Data excerpts:
------------------------------------------------------------------------

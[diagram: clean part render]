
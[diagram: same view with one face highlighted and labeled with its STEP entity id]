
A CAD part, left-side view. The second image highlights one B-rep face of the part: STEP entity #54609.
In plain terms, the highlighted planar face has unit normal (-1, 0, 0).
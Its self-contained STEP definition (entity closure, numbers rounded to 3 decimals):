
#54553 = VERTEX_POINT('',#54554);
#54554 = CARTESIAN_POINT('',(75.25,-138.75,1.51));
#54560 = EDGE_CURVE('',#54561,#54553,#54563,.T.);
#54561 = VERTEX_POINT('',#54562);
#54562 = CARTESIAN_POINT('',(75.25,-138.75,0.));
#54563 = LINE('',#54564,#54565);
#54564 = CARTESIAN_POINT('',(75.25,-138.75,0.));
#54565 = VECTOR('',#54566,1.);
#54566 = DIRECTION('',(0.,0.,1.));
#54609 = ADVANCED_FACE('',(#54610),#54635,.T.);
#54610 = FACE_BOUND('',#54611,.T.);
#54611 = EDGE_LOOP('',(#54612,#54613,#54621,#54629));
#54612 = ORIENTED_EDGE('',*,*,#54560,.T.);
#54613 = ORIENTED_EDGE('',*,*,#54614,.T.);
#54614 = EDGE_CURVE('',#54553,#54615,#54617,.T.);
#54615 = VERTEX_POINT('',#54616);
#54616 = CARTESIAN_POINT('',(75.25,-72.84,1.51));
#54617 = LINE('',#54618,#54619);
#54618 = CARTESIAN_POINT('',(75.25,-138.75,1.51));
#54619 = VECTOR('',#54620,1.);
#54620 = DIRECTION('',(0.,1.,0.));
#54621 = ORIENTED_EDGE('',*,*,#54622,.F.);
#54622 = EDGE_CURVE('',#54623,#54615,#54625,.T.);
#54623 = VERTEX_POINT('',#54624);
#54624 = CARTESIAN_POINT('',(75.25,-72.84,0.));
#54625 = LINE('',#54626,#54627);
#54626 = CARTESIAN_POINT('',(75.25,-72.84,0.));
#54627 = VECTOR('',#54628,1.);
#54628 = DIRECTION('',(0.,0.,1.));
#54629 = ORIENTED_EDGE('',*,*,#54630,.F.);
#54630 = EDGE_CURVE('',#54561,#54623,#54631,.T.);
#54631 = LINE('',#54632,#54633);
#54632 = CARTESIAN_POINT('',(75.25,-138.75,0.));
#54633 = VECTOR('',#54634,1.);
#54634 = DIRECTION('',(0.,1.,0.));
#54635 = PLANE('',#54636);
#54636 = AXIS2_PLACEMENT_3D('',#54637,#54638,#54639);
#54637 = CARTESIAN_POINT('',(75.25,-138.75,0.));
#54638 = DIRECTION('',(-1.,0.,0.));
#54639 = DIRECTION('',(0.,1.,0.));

------------------------------------------------------------------------

TASK ITEM: All lines of the entries above where "part" turns up should be reported.

TASK OUTPUT:
[diagram: clean part render]
A CAD part, left-side view. The second image highlights one B-rep face of the part: STEP entity #54609.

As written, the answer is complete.